Task
Return every record below exactly; leave out the images.

─── Records for the exercise

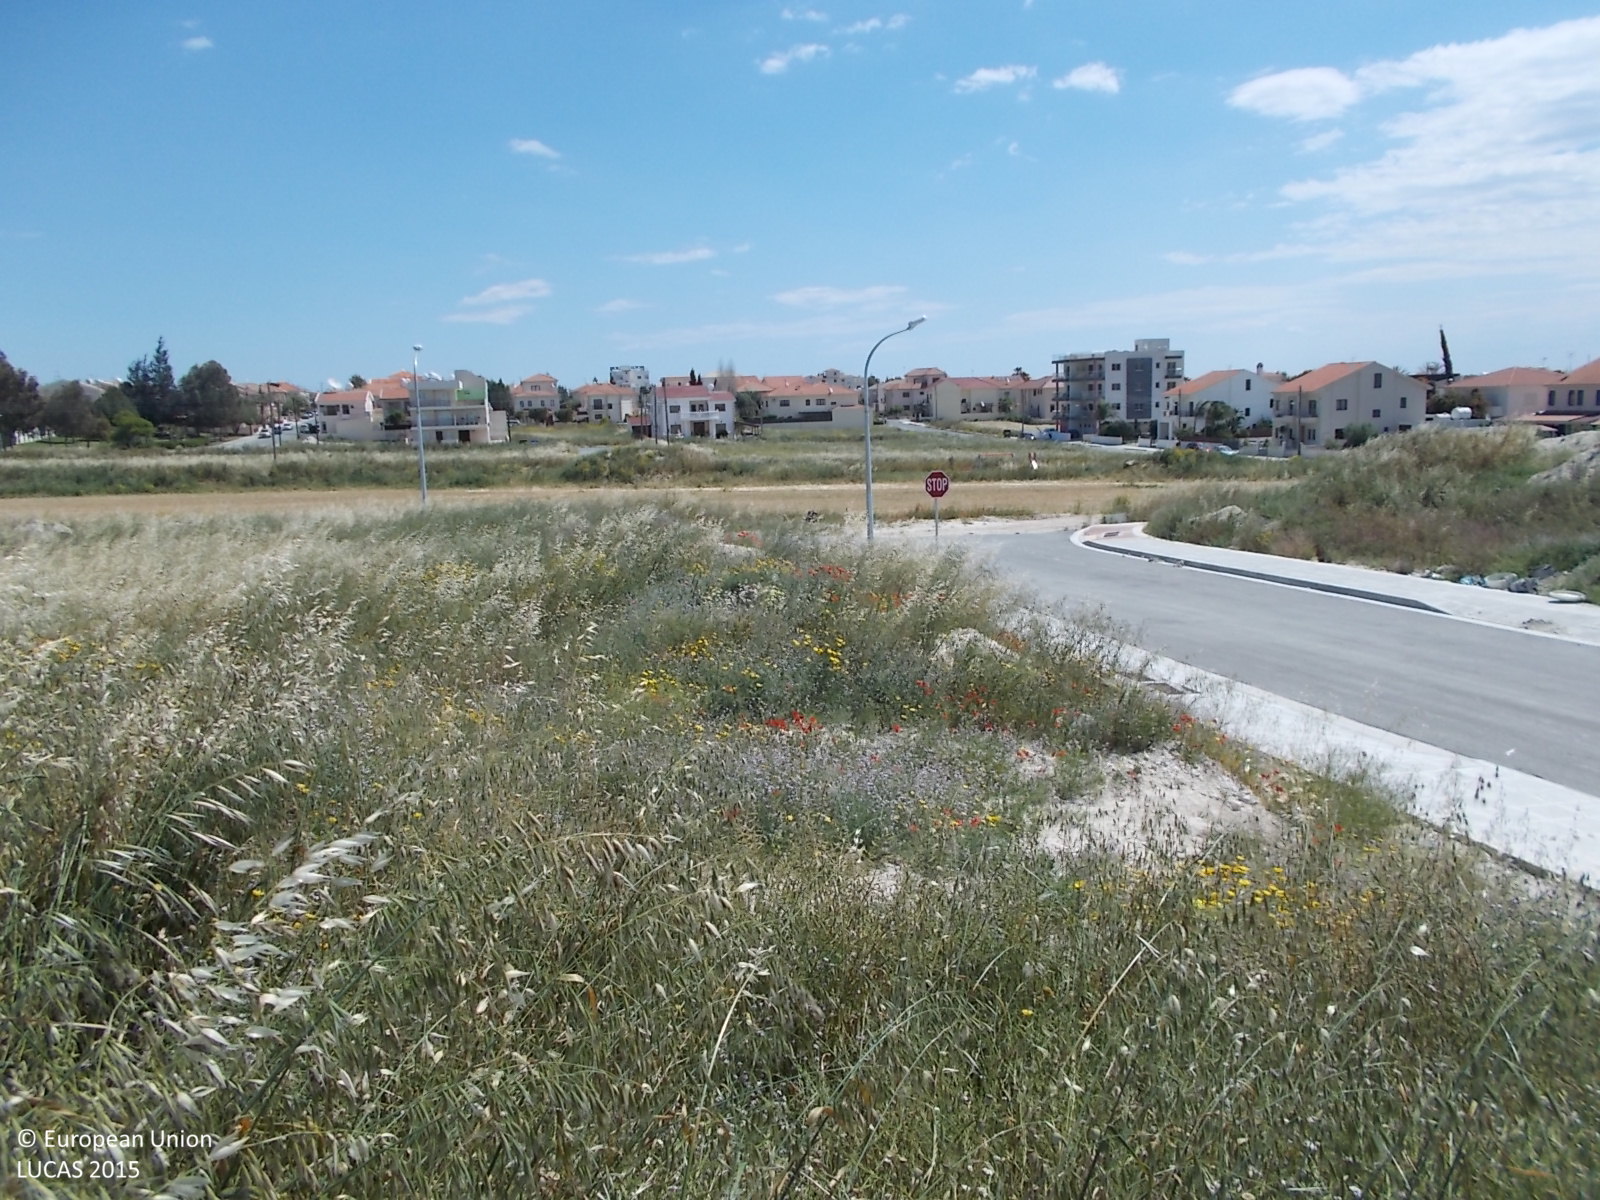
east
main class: Grassland
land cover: Spontaneously vegetated surfaces
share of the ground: > 75 %
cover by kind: herbaceous plants 100 %
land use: Residential
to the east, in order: Spontaneously vegetated surfaces; Paved roads, cycling and walking lanes; Spontaneously vegetated surfaces; Common wheat; Spontaneously vegetated surfaces; Mixed cereals for fodder; Spontaneously vegetated surfaces; Artificial constructions in urban areas
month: April
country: CY
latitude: 34.9060
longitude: 33.5820

──────

Result
east
main class: Grassland
land cover: Spontaneously vegetated surfaces
share of the ground: > 75 %
cover by kind: herbaceous plants 100 %
land use: Residential
to the east, in order: Spontaneously vegetated surfaces; Paved roads, cycling and walking lanes; Spontaneously vegetated surfaces; Common wheat; Spontaneously vegetated surfaces; Mixed cereals for fodder; Spontaneously vegetated surfaces; Artificial constructions in urban areas
month: April
country: CY
latitude: 34.9060
longitude: 33.5820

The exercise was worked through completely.